Bridport storyteller Martin Maudsley tells us why he is hosting a screening of the film Arcadia in his home town

For the last few years I’ve been working with environmental arts charity Common Ground as their storyteller-in-residence. Based in west Dorset, for the last 35 years they’ve championed local distinctiveness and helped diverse communities to celebrate season and place across the UK. Their projects – ranging from sculpture commissions, to parish maps, to establishing Apple Day as a national institution – have both upheld tradition and pioneered innovative ways to mark the intersections between nature and culture.

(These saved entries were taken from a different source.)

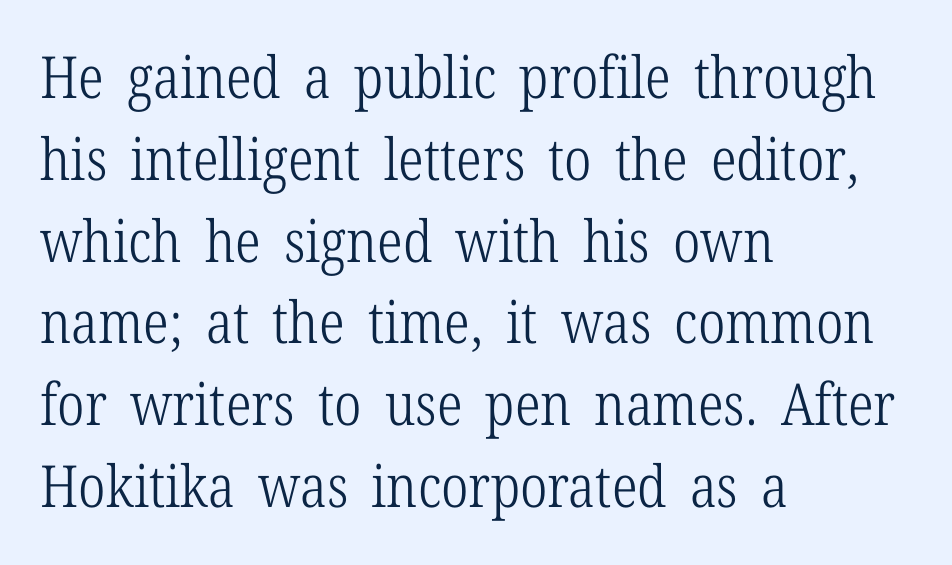
The image shows 58 px light, condensed serif type, upright; set left-aligned, normal line spacing (1.41x), normal letter spacing, not underlined; low stroke contrast and a medium x-height.
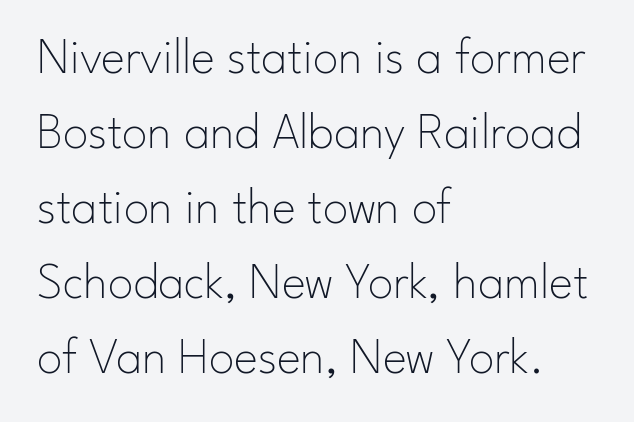
{"serif": "no", "italic": "no", "bold": "no", "weight": "thin", "width": "normal", "stroke_contrast": "low", "x_height": "small", "monospaced": "no", "underline": "no", "align": "left", "line_spacing": "normal", "line_spacing_ratio": 1.47, "letter_spacing": "normal", "letter_spacing_em": 0.0, "glyph_px": 51}
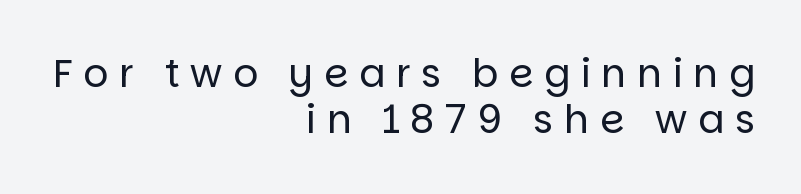
The image shows 39 px regular-weight sans-serif type, upright; set right-aligned, line spacing 1.18x, unusually wide letter spacing (+0.27 em), not underlined; low stroke contrast and a large x-height.
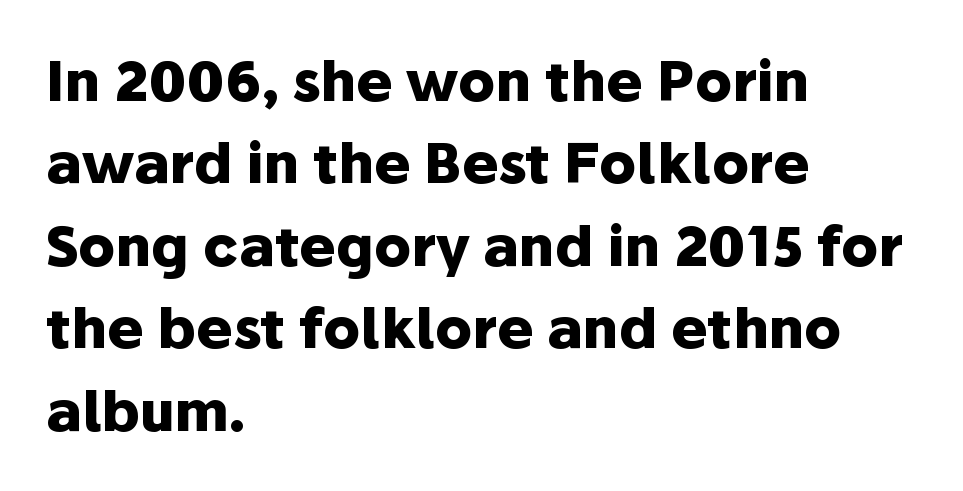
The image shows 55 px heavy sans-serif type, upright; set left-aligned, normal line spacing (1.5x), normal letter spacing, not underlined; low stroke contrast and a medium x-height.
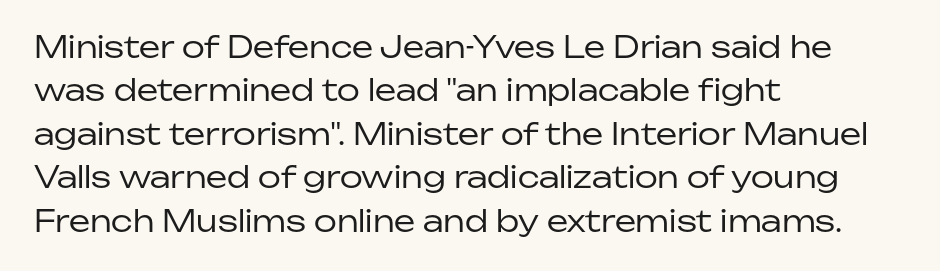
The image shows 30 px regular-weight sans-serif type, upright; set left-aligned, normal line spacing (1.45x), normal letter spacing, not underlined; low stroke contrast and a medium x-height.
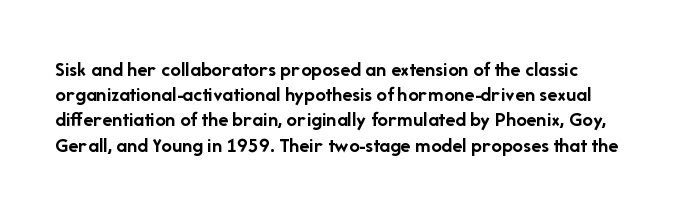
The image shows 21 px bold type, upright; set line spacing 1.2x, normal letter spacing, not underlined.
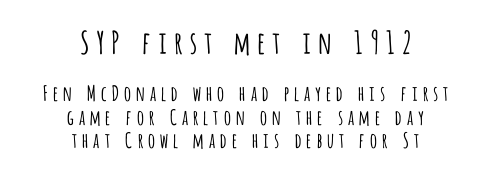
The image shows 31 px light, condensed sans-serif type, upright; set centered, tight line spacing (1.11x), not underlined; the first (top) block is 1.48x larger; low stroke contrast and a large x-height.
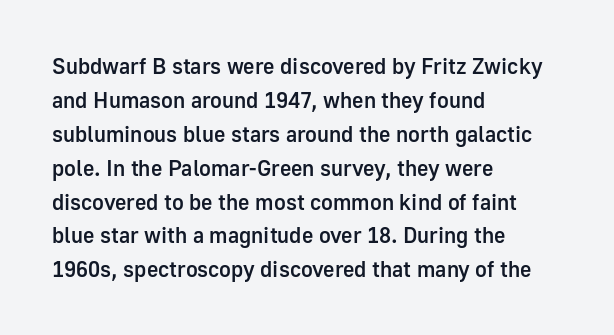
Notice how the stems are strictly vertical — no italics here. The passage shown has conventional tracking throughout. As a designer I'd log this as weight 600, semibold. Line beginnings align vertically; line endings do not.

The 2017 film Arcadia is co-produced by Common Ground with support of the British Film Institute and BBC. This month, alongside Common Ground’s Adrian Cooper, I’m hosting Arcadia for a special screening and discussion at Bridport Arts Centre.

As a professional storyteller I’m aware that I’m part of a traditional art-form – a link in the chain that stretches back as far as fire and cave paintings. Some of the tales I tell, passed on by word of mouth, are hundreds, if not thousands, of years old. But that’s only half the story. Old tales retold by a new storyteller to a contemporary audience are fresh and dynamic – they come alive in the moment of their telling. The word traditional (rather than implying old-fashioned or conventional) refers to a method of transmission. ‘Tradition’ literally means: to give-across, to hand-over, to pass-on. It’s inherently generous in spirit so that in taking from the past, and acknowledging its source, the material is then free take on a new life in the hands of the next generation.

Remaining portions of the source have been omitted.